Dès lors, on assiste à la déferlante. Les tubes empreints d’Acid se succèdent, et de nombreux artistes de la scène de Chicago deviennent incontournables : DJ Pierre bien évidemment, mais aussi Armando, Adonis, Lil Louis, Fast Eddie… Le Royaume-Uni est lui aussi rapidement frappé par le nouveau phénomène, avec des groupes comme 808 State, et notamment A Guy Called Gerald, mais aussi S’Express qui atteint le sommet des hit-parades à plusieurs reprises. Ce sont également les britanniques qui commence à ‘’l’exporter’’ vers d’autres styles : KLF qui y apporte des traits Hip Hop, Psychic TV dans une veine plus New Beat, ou encore The Shamen qui commence à marier Acid House et Techno, peu avant que Joey Beltram ou les allemands de Hardfloor ne s’engouffrent dans la brèche. Depuis, l’Acid a influencé de nombreux autres genres : Techno donc, mais aussi Trance, Breakbeat et même au sein des mouvements de free parties, pourtant assez éloignés de l’ambiance clubs des touts débuts.

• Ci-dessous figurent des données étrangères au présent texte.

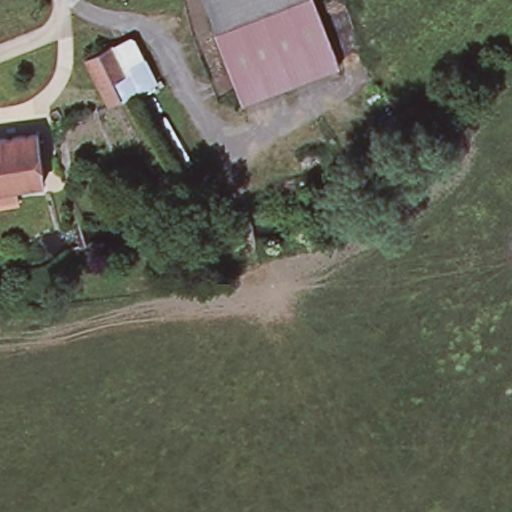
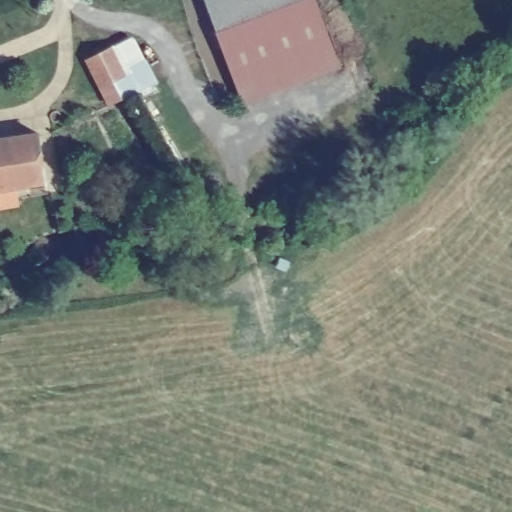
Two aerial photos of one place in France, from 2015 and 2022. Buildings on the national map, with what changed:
unchanged [(314,0),(340,70),(241,100),(205,0),(314,0)]
unchanged [(97,85),(83,57),(127,35),(150,76),(130,87),(122,76),(97,85)]
unchanged [(42,178),(0,184),(0,136),(35,130),(42,178)]

Un spectre assez large donc, mais l’Acid ne se résume pas seulement à l’aspect musical, et c’est cela qui en fait un mouvement à part entière. Le smiley jaune, anonyme mais heureux, devient le symbole du mouvement, notamment en Angleterre, mais les médias attaquent assez vite en mettant en cause l’usage vraisemblablement abusif des drogues psychédéliques, publicité qui va quelque peu plomber la scène.

Ces derniers temps, on a assisté à un vrai revival Acid, dans la House mais aussi au sein des scènes Techno et Hardcore, l’occasion de découvrir de nouveaux artistes marqués par cet héritage mais aussi de retrouver certains vieux morceaux tombés en désuétude. C’est le cas avec l’album Synthesizing: Ten Ragas to a Disco Beat, de Charanjit Singh. Ce producteur indien avait sorti dès 1982 cet album très Acid basé sur des ragas traditionnels, mais son échec commercial l’avait fait basculer dans l’oubli. Ce n’est qu’en 2002 qu’il refait surface, et c’est surtout avec sa réédition en 2010 (qui correspond au début de ce revival) que ce vieux LP a pu être reconnu à sa juste valeur, tant au niveau musical que pour son rôle prépondérant dans l’histoire de l’Acid.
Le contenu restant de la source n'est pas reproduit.